____ Extracted information

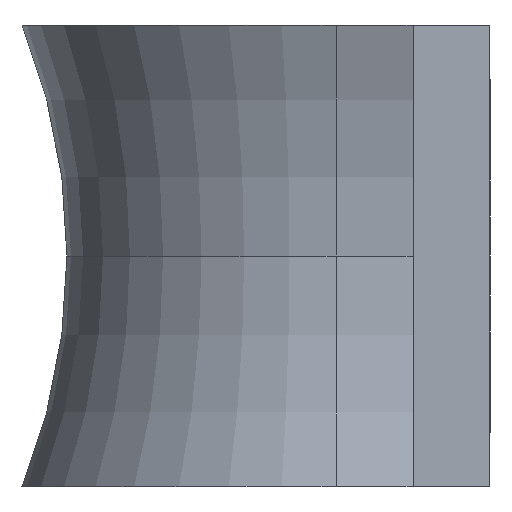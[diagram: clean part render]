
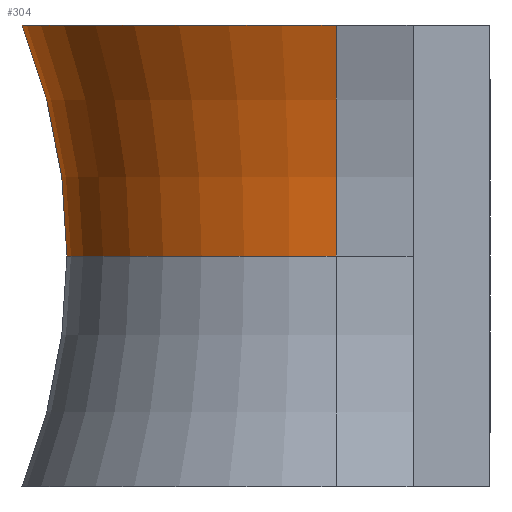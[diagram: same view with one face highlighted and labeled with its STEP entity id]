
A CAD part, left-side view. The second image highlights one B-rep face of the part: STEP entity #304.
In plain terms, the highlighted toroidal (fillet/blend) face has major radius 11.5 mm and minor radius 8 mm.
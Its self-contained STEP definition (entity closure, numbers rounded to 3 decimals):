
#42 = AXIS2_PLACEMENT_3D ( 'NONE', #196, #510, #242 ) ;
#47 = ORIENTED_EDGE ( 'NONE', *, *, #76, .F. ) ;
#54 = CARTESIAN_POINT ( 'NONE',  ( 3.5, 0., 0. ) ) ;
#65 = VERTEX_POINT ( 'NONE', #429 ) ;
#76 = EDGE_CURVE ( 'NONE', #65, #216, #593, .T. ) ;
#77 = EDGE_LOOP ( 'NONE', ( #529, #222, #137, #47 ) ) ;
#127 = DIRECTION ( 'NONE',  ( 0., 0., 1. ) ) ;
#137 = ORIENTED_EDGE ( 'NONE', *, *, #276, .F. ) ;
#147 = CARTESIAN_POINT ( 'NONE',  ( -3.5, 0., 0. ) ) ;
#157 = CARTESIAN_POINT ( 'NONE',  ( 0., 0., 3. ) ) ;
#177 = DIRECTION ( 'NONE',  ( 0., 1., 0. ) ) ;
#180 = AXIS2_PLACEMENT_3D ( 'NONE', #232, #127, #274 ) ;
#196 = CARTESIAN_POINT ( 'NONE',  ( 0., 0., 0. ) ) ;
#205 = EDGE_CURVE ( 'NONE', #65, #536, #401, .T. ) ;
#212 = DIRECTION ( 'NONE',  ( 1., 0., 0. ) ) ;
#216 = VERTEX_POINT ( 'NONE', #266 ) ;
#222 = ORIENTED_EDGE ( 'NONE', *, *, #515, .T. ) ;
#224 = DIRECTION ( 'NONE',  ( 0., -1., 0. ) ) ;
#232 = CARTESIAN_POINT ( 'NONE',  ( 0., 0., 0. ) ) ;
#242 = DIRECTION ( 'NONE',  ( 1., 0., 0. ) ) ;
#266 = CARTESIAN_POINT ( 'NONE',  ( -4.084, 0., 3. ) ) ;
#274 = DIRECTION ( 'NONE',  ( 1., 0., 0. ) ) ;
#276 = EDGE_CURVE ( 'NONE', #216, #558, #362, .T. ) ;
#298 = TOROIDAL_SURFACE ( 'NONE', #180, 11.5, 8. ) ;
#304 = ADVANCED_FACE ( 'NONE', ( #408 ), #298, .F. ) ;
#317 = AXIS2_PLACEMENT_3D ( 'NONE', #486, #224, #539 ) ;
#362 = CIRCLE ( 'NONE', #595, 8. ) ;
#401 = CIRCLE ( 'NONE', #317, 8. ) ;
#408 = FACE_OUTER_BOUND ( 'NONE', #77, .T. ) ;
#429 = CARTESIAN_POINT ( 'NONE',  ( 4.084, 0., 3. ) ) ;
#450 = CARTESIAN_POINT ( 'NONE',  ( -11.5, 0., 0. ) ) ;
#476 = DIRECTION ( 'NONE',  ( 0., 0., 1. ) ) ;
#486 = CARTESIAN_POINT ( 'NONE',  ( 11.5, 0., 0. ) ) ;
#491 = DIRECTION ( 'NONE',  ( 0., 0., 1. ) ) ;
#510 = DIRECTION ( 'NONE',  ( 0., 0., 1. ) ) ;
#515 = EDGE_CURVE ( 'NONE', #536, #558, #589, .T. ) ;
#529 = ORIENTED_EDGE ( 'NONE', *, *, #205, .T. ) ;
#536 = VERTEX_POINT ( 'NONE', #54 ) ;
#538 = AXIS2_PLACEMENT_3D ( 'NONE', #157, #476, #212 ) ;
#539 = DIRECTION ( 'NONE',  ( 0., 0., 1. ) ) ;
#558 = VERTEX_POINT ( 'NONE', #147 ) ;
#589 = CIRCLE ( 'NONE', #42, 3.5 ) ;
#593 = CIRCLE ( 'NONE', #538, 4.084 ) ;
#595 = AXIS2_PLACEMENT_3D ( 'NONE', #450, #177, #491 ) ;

________
____ Extracted information

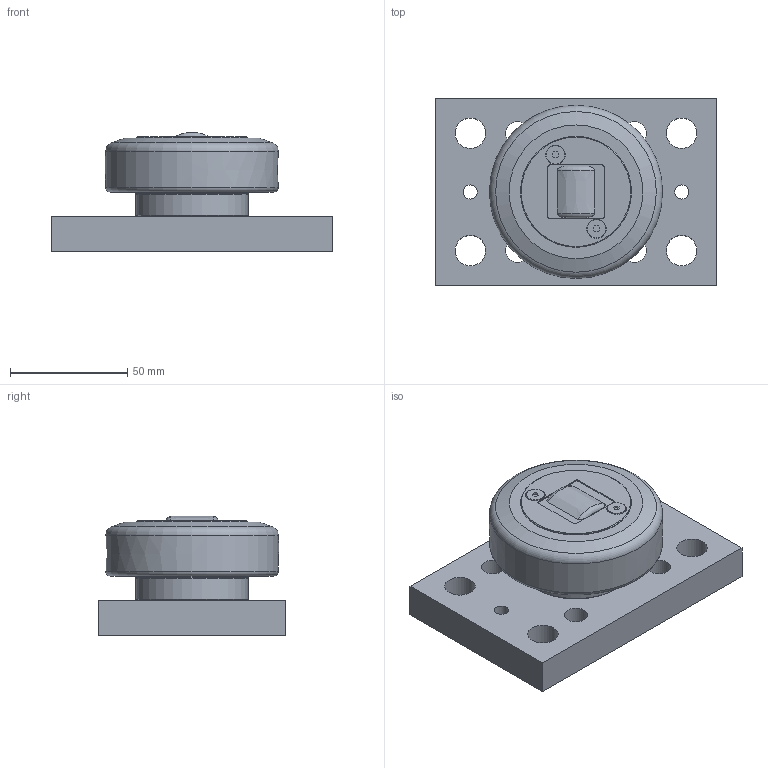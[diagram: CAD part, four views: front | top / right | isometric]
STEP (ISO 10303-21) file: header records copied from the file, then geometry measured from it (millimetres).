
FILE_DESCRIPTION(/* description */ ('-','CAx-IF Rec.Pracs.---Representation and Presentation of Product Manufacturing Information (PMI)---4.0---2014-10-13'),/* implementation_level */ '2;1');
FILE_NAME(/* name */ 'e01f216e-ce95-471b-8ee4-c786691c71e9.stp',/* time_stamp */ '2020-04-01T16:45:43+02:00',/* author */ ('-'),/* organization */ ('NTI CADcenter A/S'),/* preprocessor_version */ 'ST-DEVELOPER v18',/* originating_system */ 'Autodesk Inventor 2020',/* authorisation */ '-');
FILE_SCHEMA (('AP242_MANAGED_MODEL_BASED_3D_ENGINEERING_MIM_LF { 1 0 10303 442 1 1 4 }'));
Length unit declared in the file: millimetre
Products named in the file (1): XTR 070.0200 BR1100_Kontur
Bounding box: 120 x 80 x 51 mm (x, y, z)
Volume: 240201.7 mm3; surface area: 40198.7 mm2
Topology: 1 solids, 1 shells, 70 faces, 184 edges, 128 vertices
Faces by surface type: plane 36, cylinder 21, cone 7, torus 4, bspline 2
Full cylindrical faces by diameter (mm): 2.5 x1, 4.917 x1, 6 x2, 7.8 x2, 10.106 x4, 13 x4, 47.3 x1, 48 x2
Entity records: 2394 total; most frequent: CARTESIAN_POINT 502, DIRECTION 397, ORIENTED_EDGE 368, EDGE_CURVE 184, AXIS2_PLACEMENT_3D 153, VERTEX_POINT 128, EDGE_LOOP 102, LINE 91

________

Take every line from the data above that holds "CIRCLE" and copy it out.

=== Answer section ===
#362 = CIRCLE ( 'NONE', #595, 8. ) ;
#401 = CIRCLE ( 'NONE', #317, 8. ) ;
#589 = CIRCLE ( 'NONE', #42, 3.5 ) ;
#593 = CIRCLE ( 'NONE', #538, 4.084 ) ;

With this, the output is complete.